Num furgão, o que realmente interessa é a capacidade de carga. Na Transporter de tamanho “normal”, o volume de carga é de 5,8 m³, podendo atingir 9,9 m³ na carroçaria longa com teto sobreelevado.
A carga máxima pode chegar às 1,33 toneladas e a capacidade de reboque até às 2,8 toneladas, consoante a versão. Face ao modelo anterior, representa mais 300 kg.
Primeiras impressões
Em Atenas, na Grécia, tivemos oportunidade de conduzir três variantes: e-Caravelle (210 kW ou 286 cv), e-Transporter (160 kW ou 218 cv) e Transporter Cargo (2.0 TDI, 125 kW ou 170 cv).
Os comerciais atuais estão muito distantes dos veículos utilitários mais rústicos de outros tempos e, ao volante de qualquer Transporter, a primeira nota comum é a facilidade com que se conduz.
Apesar das dimensões generosas - tanto na versão normal como na longa -, as três configurações oferecem uma sensação de condução que se aproxima bastante da de um ligeiro de passageiros.
A direção leve, aliada ao raio de viragem - 11,9 m na versão normal e 13 m na versão longa -, ajudou a tornar simples até as manobras em locais mais apertados.
O espaço interior também merece referência: em todas as variantes, o aproveitamento do habitáculo é muito bem conseguido, incluindo a versão com três lugares dianteiros, onde continua a haver mais do que espaço suficiente para todos.
Nas versões elétricas, o silêncio a bordo destaca-se, evidenciando uma montagem sólida e uma insonorização muito eficaz.
Como em muitos outros elétricos, a resposta imediata do motor traduz-se numa condução fluida e pouco exigente.

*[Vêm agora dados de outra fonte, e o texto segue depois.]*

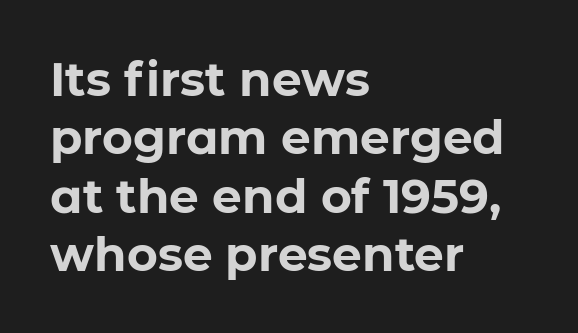
{"serif": "no", "italic": "no", "bold": "yes", "weight": "bold", "width": "normal", "stroke_contrast": "low", "x_height": "medium", "monospaced": "no", "underline": "no", "align": "left", "line_spacing_ratio": 1.24, "letter_spacing": "normal", "letter_spacing_em": 0.0, "glyph_px": 47}
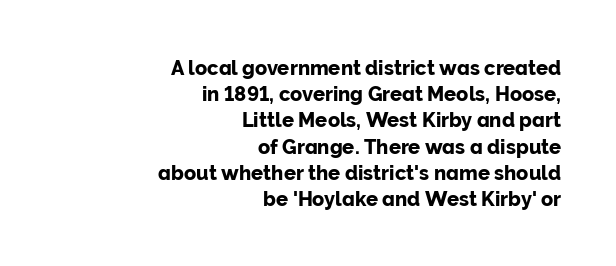
The image shows 20 px text type, upright; set right-aligned, normal line spacing (1.31x), normal letter spacing, not underlined.
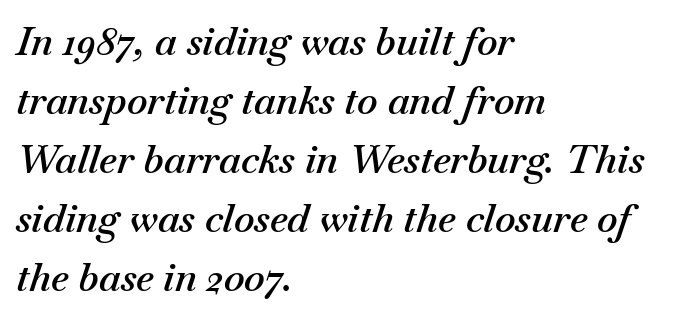
Q: Is the text bold? A: Semi-bold.
Q: Is the text italic (slanted)? A: Yes, it leans right by about 18 degrees.
Q: Is the text underlined? A: No.
Q: How is the paragraph aligned? A: Left-aligned.
Q: Is the spacing between letters normal or unusually wide? A: Normal.
Q: Is the spacing between lines tight, normal or loose? A: Normal.
Q: Width (condensed, normal, or wide)? A: Normal.
Q: Stroke contrast? A: Medium.
Q: x-height? A: Small.
Q: Monospaced? A: No.
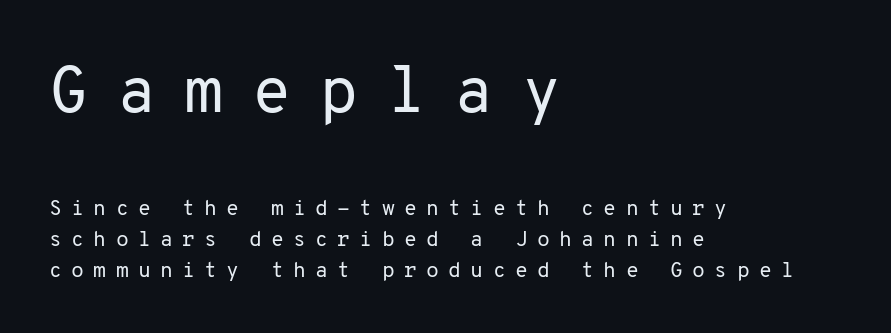
Q: Is the text bold? A: No.
Q: Is the text italic (slanted)? A: No, it is upright.
Q: Is the typeface a serif or a sans-serif typeface? A: Sans-serif.
Q: Is the text underlined? A: No.
Q: How is the paragraph aligned? A: Left-aligned.
Q: Is the spacing between letters normal or unusually wide? A: Unusually wide.
Q: Is the spacing between lines tight, normal or loose? A: Normal.
Q: Which block of text is set in a larger size, the first (top) or the second (bottom)? A: The first (top) one.
Q: Width (condensed, normal, or wide)? A: Normal.
Q: Stroke contrast? A: Low.
Q: x-height? A: Medium.
Q: Monospaced? A: Yes.
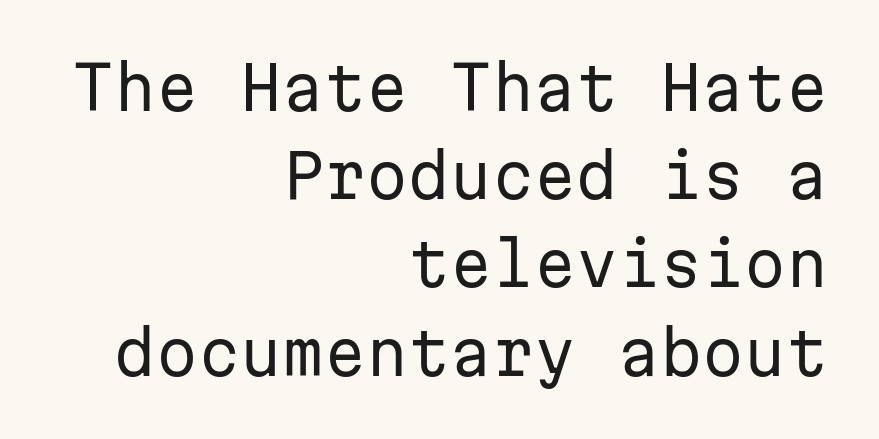
The image shows 60 px regular-weight sans-serif type, upright, monospaced; set right-aligned, normal line spacing (1.47x), normal letter spacing, not underlined; low stroke contrast and a medium x-height.
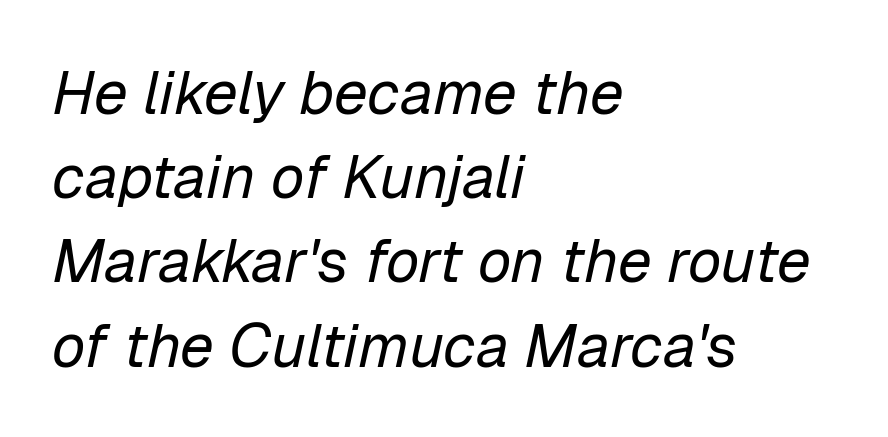
{"italic": "yes", "lean": "right", "slant_degrees": 12, "bold": "no", "weight": "regular", "width": "normal", "stroke_contrast": "low", "x_height": "medium", "monospaced": "no", "underline": "no", "align": "left", "line_spacing": "normal", "line_spacing_ratio": 1.38, "letter_spacing": "normal", "letter_spacing_em": 0.0, "glyph_px": 61}
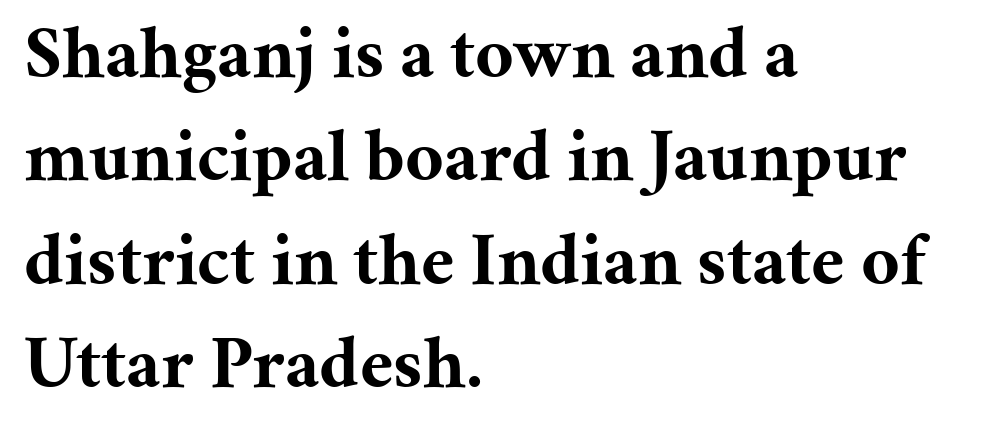
The image shows 75 px bold serif type, upright; set left-aligned, normal line spacing (1.38x), normal letter spacing, not underlined; medium stroke contrast and a medium x-height.
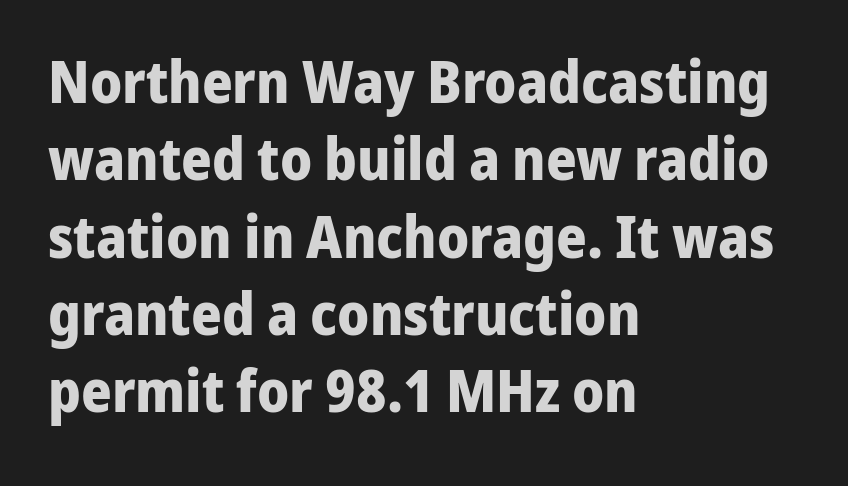
The image shows 59 px bold sans-serif type, upright; set left-aligned, normal line spacing (1.31x), normal letter spacing, not underlined; low stroke contrast and a medium x-height.
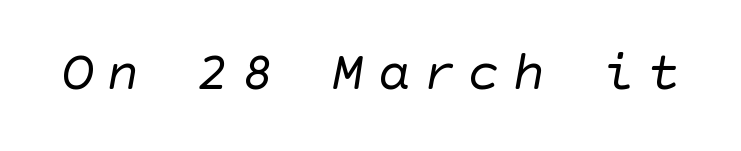
Honestly, there is no underline to notice here at all. Observe the absence of serifs on each vertical stroke in this sample. How are the letters spaced? Widely, with obvious added tracking. The strokes carry an ordinary text weight at most.
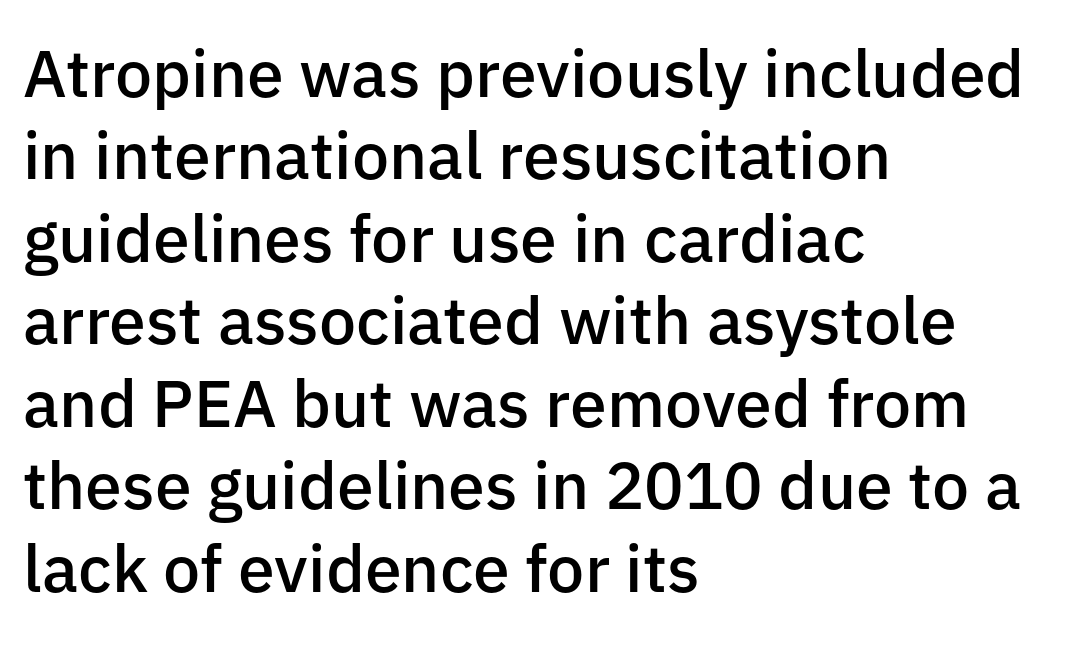
Q: Is the text bold? A: Semi-bold.
Q: Is the text italic (slanted)? A: No, it is upright.
Q: Is the typeface a serif or a sans-serif typeface? A: Sans-serif.
Q: Is the text underlined? A: No.
Q: How is the paragraph aligned? A: Left-aligned.
Q: Is the spacing between letters normal or unusually wide? A: Normal.
Q: Is the spacing between lines tight, normal or loose? A: Normal.
Q: Width (condensed, normal, or wide)? A: Normal.
Q: Stroke contrast? A: Low.
Q: x-height? A: Medium.
Q: Monospaced? A: No.
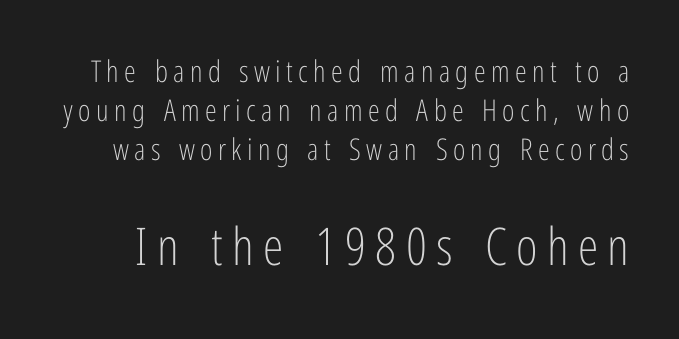
{"serif": "no", "italic": "no", "bold": "no", "weight": "light", "width": "condensed", "stroke_contrast": "low", "x_height": "medium", "monospaced": "no", "underline": "no", "line_spacing": "normal", "line_spacing_ratio": 1.3, "larger_block": "second", "size_ratio": 1.73, "glyph_px": 52}
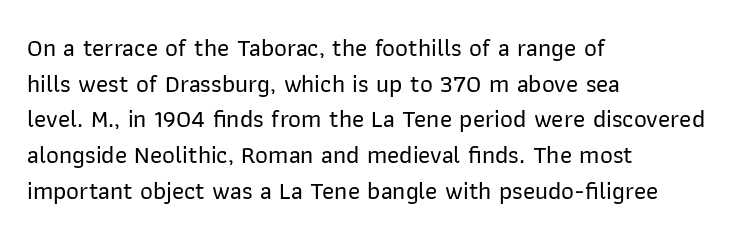
{"italic": "no", "underline": "no", "align": "left", "line_spacing": "normal", "line_spacing_ratio": 1.43, "letter_spacing": "normal", "letter_spacing_em": 0.0, "glyph_px": 25}
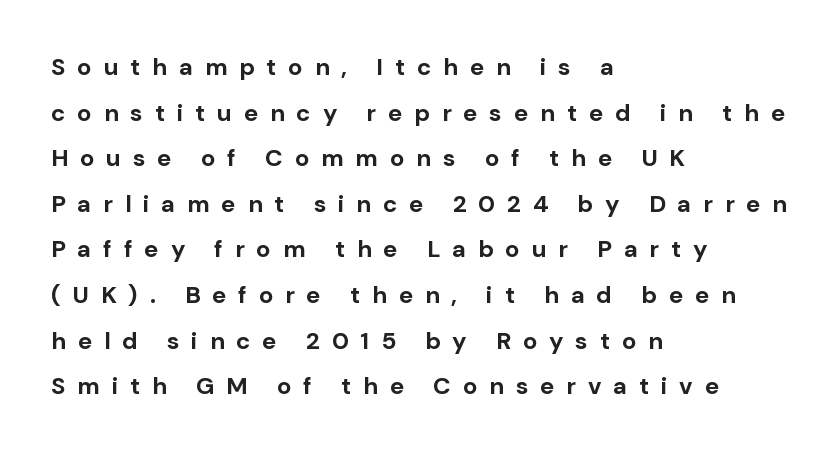
The font's upright variant was chosen for this text. The string is rendered with underlining switched off. The sample has been set heavy, in full bold. The lines are quadded left. Summary of vertical rhythm: relaxed, with wide interline spacing. How are the letters spaced? Widely, with obvious added tracking.
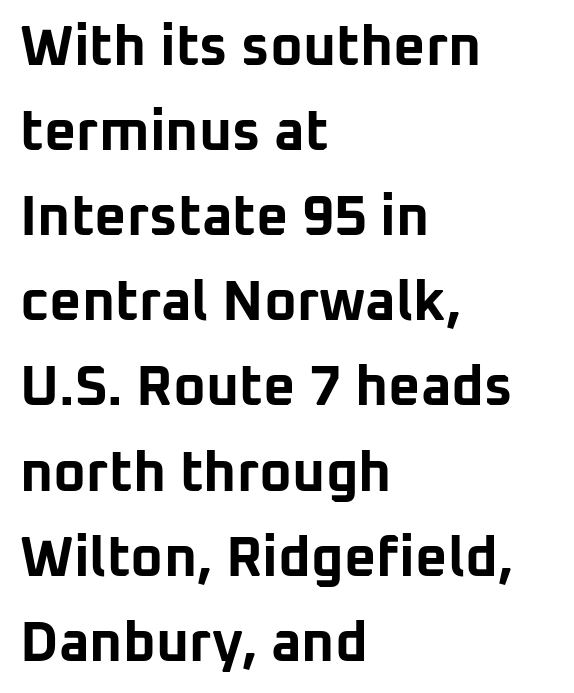
The strip under each line holds only bare page. Default kerning and tracking; the words read as compact shapes. Upright lettering throughout. I'd call this a sans setting — the letters go barefoot. The passage shown is emphatically bold.
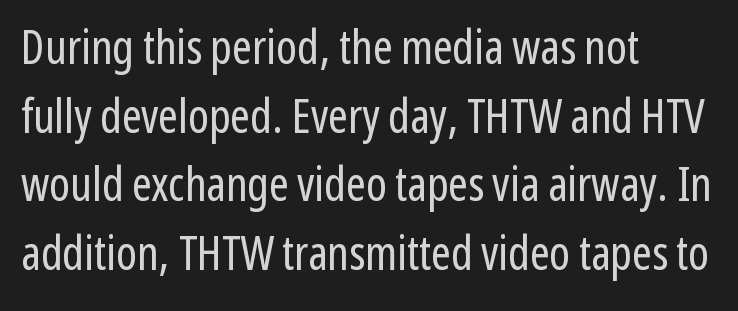
Are there feet on the stems? There aren't — it's a sans. This sample keeps an unexceptional amount of space between lines. The face used here is rendered with its standard letterfit. Ink coverage per letter is moderate at most. When letters stand straight like this, we call the style roman or upright. This rendering uses left alignment, leaving the right contour irregular.
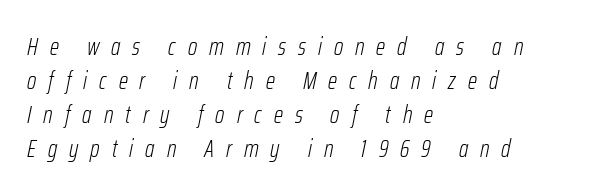
{"italic": "yes", "lean": "right", "slant_degrees": 12, "bold": "no", "underline": "no", "align": "left", "line_spacing": "normal", "line_spacing_ratio": 1.42, "letter_spacing": "wide", "letter_spacing_em": 0.5, "glyph_px": 24}
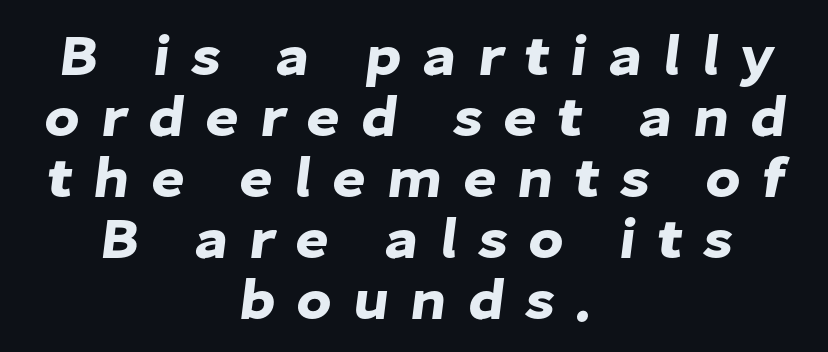
{"serif": "no", "width": "normal", "stroke_contrast": "low", "x_height": "medium", "monospaced": "no", "underline": "no", "align": "center", "line_spacing": "tight", "line_spacing_ratio": 1.05, "letter_spacing": "wide", "letter_spacing_em": 0.35, "glyph_px": 58}
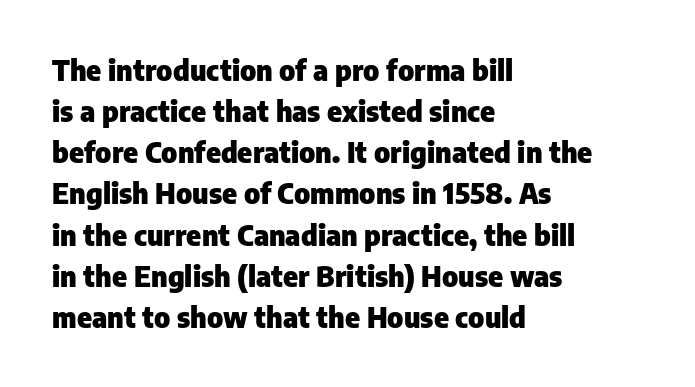
Q: Is the text bold? A: Yes.
Q: Is the text italic (slanted)? A: No, it is upright.
Q: Is the typeface a serif or a sans-serif typeface? A: Sans-serif.
Q: Is the text underlined? A: No.
Q: How is the paragraph aligned? A: Left-aligned.
Q: Is the spacing between letters normal or unusually wide? A: Normal.
Q: Is the spacing between lines tight, normal or loose? A: Normal.
Q: Width (condensed, normal, or wide)? A: Normal.
Q: Stroke contrast? A: Low.
Q: x-height? A: Medium.
Q: Monospaced? A: No.
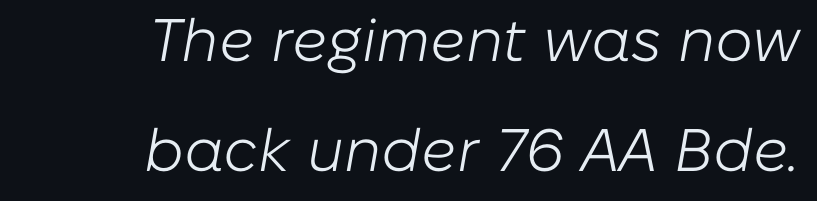
Slant detected: the letters are inclined. Is this a fixed-width face? No — the glyphs have proportional, varying widths. Is this a heavy cut? Hardly; it is regular or lighter. The passage shown is not underscored anywhere. Honestly, the letter spacing is just normal — you wouldn't notice it.
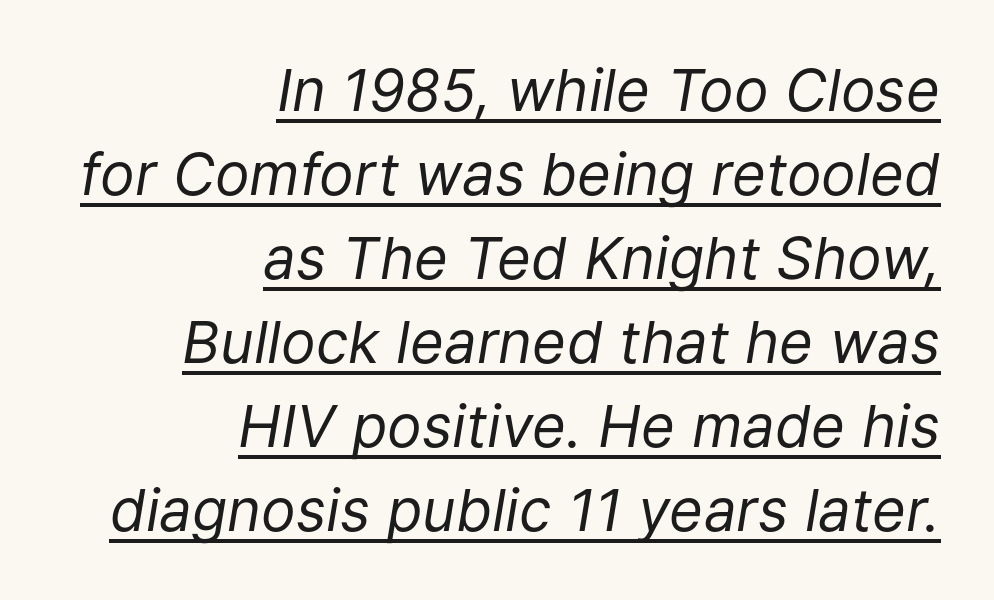
Q: Is the text bold? A: No.
Q: Is the text italic (slanted)? A: Yes, it leans right by about 9 degrees.
Q: Is the text underlined? A: Yes.
Q: How is the paragraph aligned? A: Right-aligned.
Q: Is the spacing between letters normal or unusually wide? A: Normal.
Q: Is the spacing between lines tight, normal or loose? A: Normal.
Q: Width (condensed, normal, or wide)? A: Normal.
Q: Stroke contrast? A: Low.
Q: x-height? A: Medium.
Q: Monospaced? A: No.
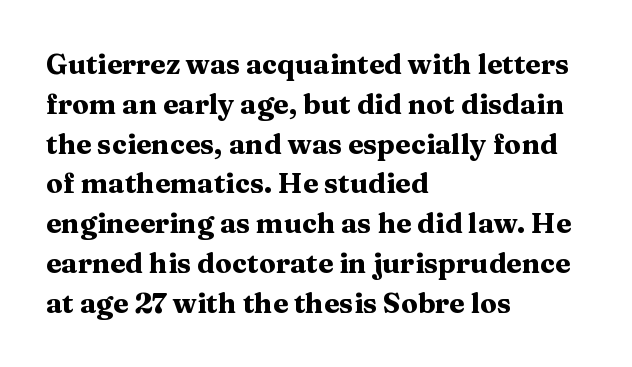
Q: Is the text bold? A: Yes.
Q: Is the text italic (slanted)? A: No, it is upright.
Q: Is the typeface a serif or a sans-serif typeface? A: Serif.
Q: Is the text underlined? A: No.
Q: How is the paragraph aligned? A: Left-aligned.
Q: Is the spacing between letters normal or unusually wide? A: Normal.
Q: Is the spacing between lines tight, normal or loose? A: Normal.
Q: Width (condensed, normal, or wide)? A: Wide.
Q: Stroke contrast? A: Medium.
Q: x-height? A: Medium.
Q: Monospaced? A: No.
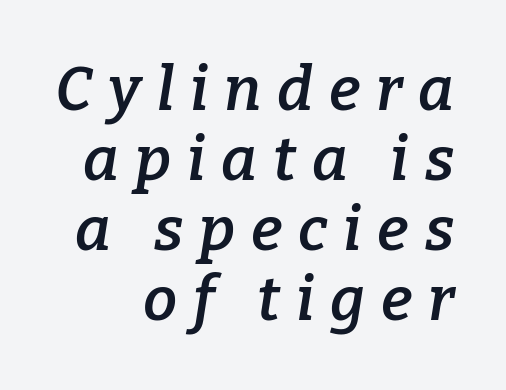
The image shows 61 px semibold serif type, italic (leaning right); set right-aligned, tight line spacing (1.15x), unusually wide letter spacing (+0.26 em), not underlined; low stroke contrast and a medium x-height.
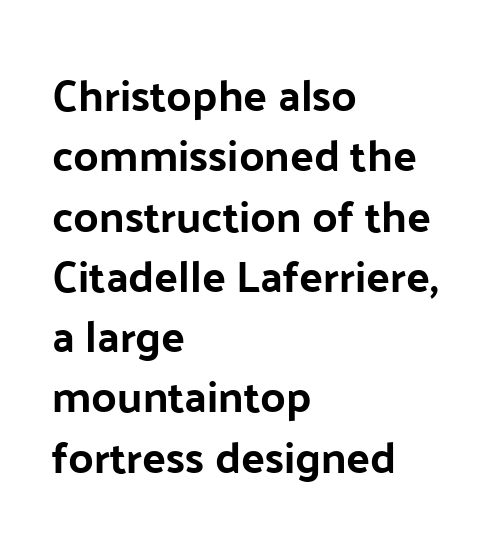
{"serif": "no", "italic": "no", "bold": "yes", "weight": "bold", "width": "normal", "stroke_contrast": "low", "x_height": "medium", "monospaced": "no", "underline": "no", "align": "left", "line_spacing": "normal", "line_spacing_ratio": 1.37, "letter_spacing": "normal", "letter_spacing_em": 0.0, "glyph_px": 44}

Ainda assim, o Diesel com caixa automática não fica esquecido - revelou-se sempre pronto e até agradável, embora não consiga igualar o refinamento e a resposta imediata das versões elétricas.
Para quando?
O Volkswagen Transporter e o Caravelle já podem ser encomendados em Portugal com motorizações Diesel e elétricas. O novo Transporter tem preço a partir de 30 800 euros (+ IVA), enquanto o novo Caravelle começa nos 43 mil euros (+ IVA).
As primeiras unidades deverão começar a ser entregues aos clientes a partir de março. Já a versão híbrida plug-in tem lançamento previsto para o primeiro trimestre de 2026.
Em Portugal, o Transporter será comercializado apenas na versão base, ao passo que a Caravelle estará disponível nas versões base, Life e Style.